A Reggio Calabria, durante la notte di Capodanno, è avvenuta una violenta rapina ai danni di una nota attività (dal nome l'Interzone) sita presso il centro storico cittadino. L’attività in questione aveva inaugurato i suoi locali proprio qualche giorno fa.

I gestori del locale increduli e spaventati da quanto accaduto hanno espresso sulla pagina Facebook del locale la propria volontà di voler abbassare la saracinesca dell’attività ed ‘uscire di scena’.

Preleva l'incasso, colpisce un uomo e si da alla fuga

Un uomo, attualmente ricercato dai Carabinieri della Questura di Reggio Calabria che stanno svolgendo tutte le indagini sul caso, durante la notte di San Silvestro si è introdotto all'interno dei locali di un noto esercizio commerciale presente nel centro storico cittadino di Reggio Calabria.

Nel dettaglio, secondo quanto si apprende da alcune fonti giornalistiche locali, l’uomo avrebbe fatto irruzione intorno alle 2:00 di notte dell’uno gennaio, primo giorno del nuovo anno, mentre il locale era aperto al pubblico.

Durante la rapina, all'interno del locale commerciale sito precisamente in Via del Torrione, era presente una numerosa folla di giovani reggini intenta a festeggiare l'arrivo del nuovo anno.

Secondo quanto dichiarato da alcune fonti giornalistiche locali, proprio durante la notte dell’uno gennaio mentre il personale era intento a servire i clienti, un uomo con uno zaino e con gli occhi coperti da un paio di occhiali scuri da sole spintonando i presenti avrebbe fatto irruzione all'interno del locale, si sarebbe avvicinato alla cassa e avrebbe chiesto al dipendente di consegnargli l’intero incasso che, essendo il locale aperto da poche ore, era alquanto inconsistente.

Secondo una prima ricostruzione riferita dai gestori dell'Interzone, attività commerciale nella quale come accennato si è svolta la rapina, l’uomo avrebbe minacciato il dipendente presente in cassa e gli avrebbe detto che avrebbe fatto del male a lui e ai clienti qualora non gli fosse stato consegnato nell'immediato l’intero incasso.
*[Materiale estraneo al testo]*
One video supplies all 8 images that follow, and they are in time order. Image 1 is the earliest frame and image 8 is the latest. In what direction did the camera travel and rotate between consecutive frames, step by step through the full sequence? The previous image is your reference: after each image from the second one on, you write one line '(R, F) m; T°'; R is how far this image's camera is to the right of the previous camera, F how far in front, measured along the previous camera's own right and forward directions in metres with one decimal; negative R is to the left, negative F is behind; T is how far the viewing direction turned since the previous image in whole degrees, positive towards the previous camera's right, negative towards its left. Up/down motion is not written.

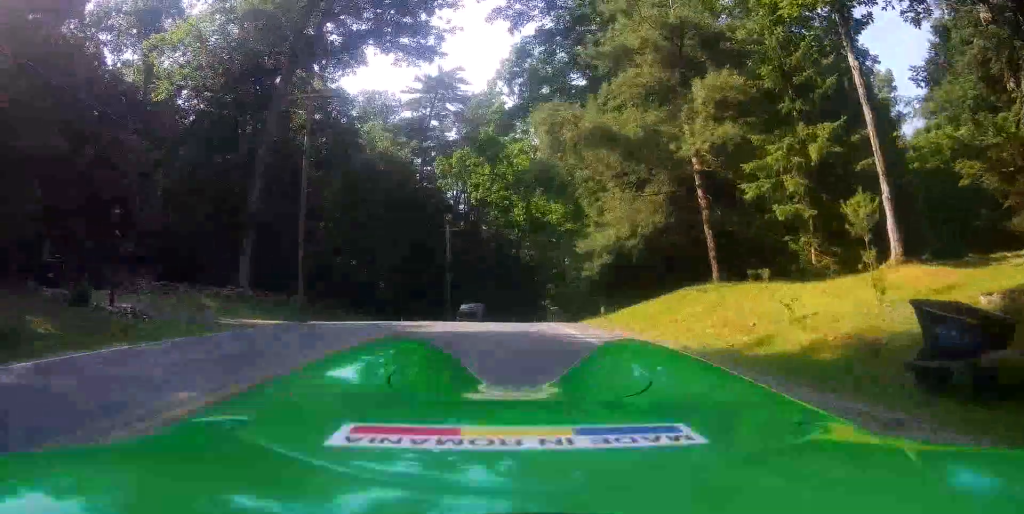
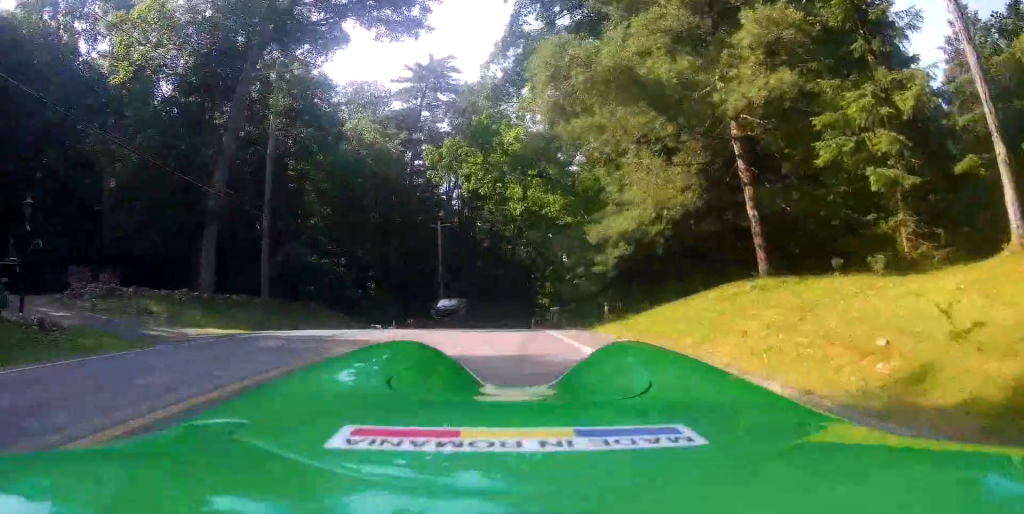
(0.0, +2.7) m; 0°
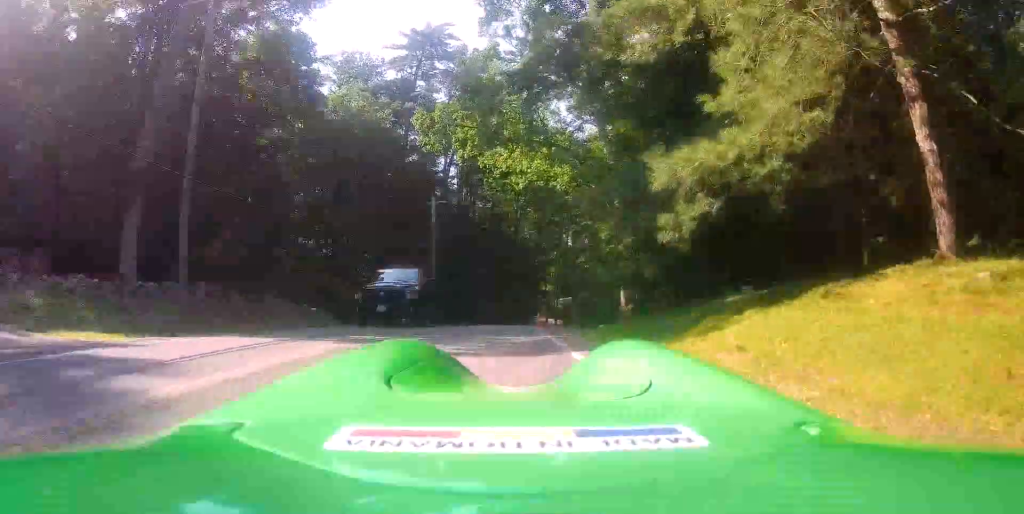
(0.0, +5.3) m; 0°
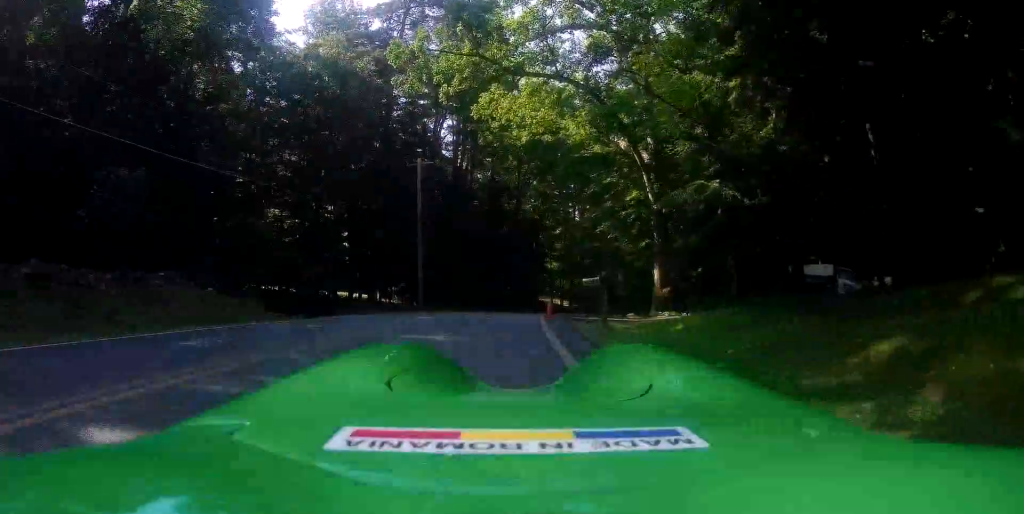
(0.0, +8.8) m; 0°
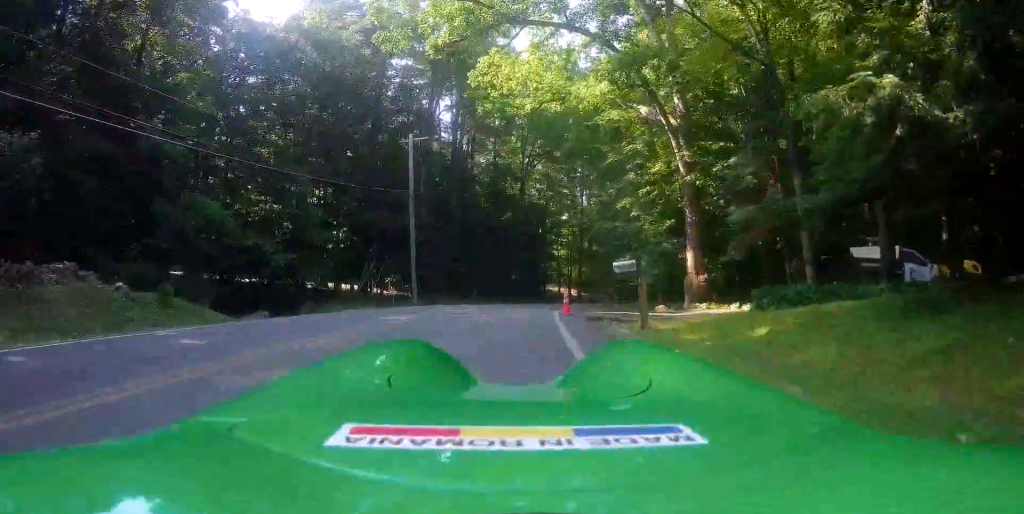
(0.0, +5.3) m; 0°
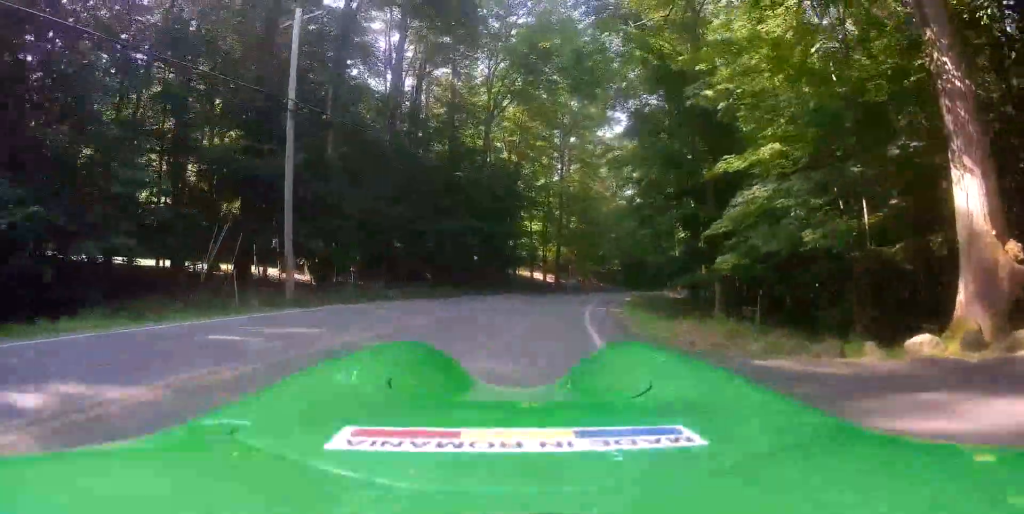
(0.0, +18.6) m; 0°
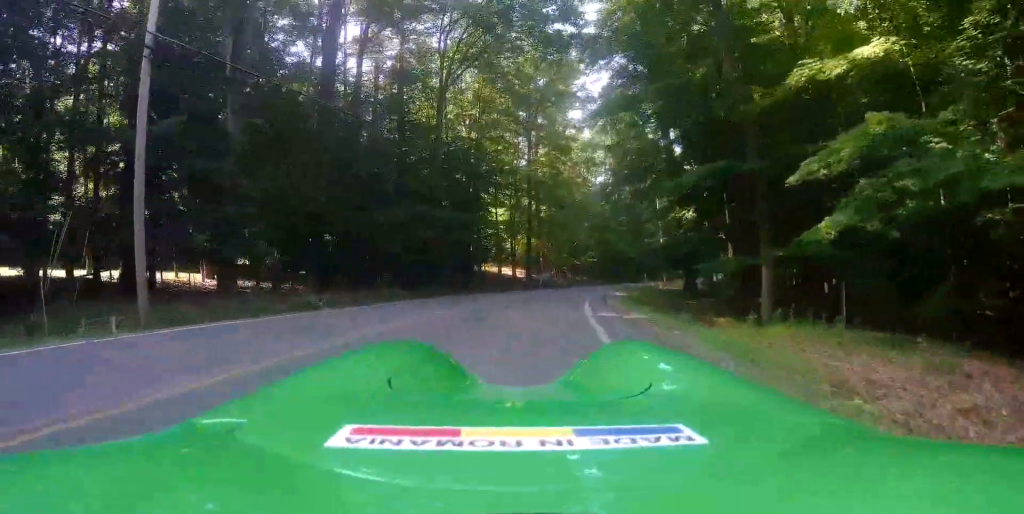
(0.0, +8.3) m; 0°
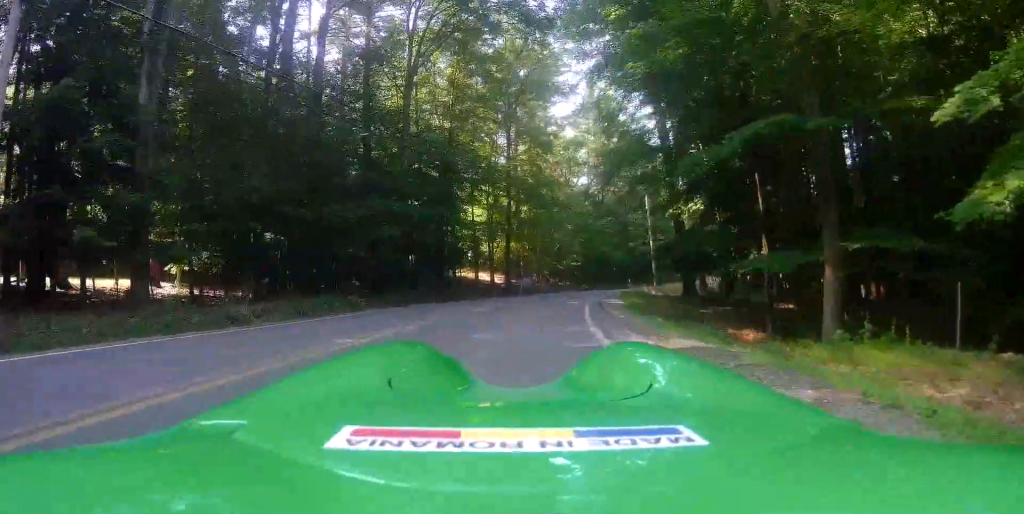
(0.0, +5.3) m; 0°

Secondo quanto raccontato dai gestori del locale presenti durante la rapina, dopo la suddetta minaccia verbale l'uomo non avendo ricevuto una somma di denaro consistente avrebbe tirato fuori dallo zaino un estintore e lo avrebbe azionato all'interno del locale riempendo così l’intero esercizio di fumo e polvere.

Dopo aver fatto ciò, l’uomo avrebbe colpito uno dei presenti sul viso e sulla testa e successivamente si sarebbe dato alla fuga utilizzando la porta principale del locale.

Secondo quanto dichiarato dai gestori del locale e da alcune fonti giornalistiche, la vittima avrebbe riportato un lieve trauma cranico e non sarebbe in pericolo di vita, mentre i giovani presenti, turbati e spaventati da quanto accaduto avrebbero nell'immediato abbandonato l’esercizio commerciale.

I proprietari dichiarano di voler chiudere definitivamente l'attività

Dopo quanto accaduto, e con molto rammarico, i gestori del locale reggino hanno dichiarato, tramite un messaggio pubblicato sulla pagina Facebook del locale, di non voler più riaprire l'attività.

All'interno del messaggio pubblicato a poche ore dalla rapina si legge: ’Con il cuore a pezzi dobbiamo fermarci, questa realtà ci costringe a uscire di scena’.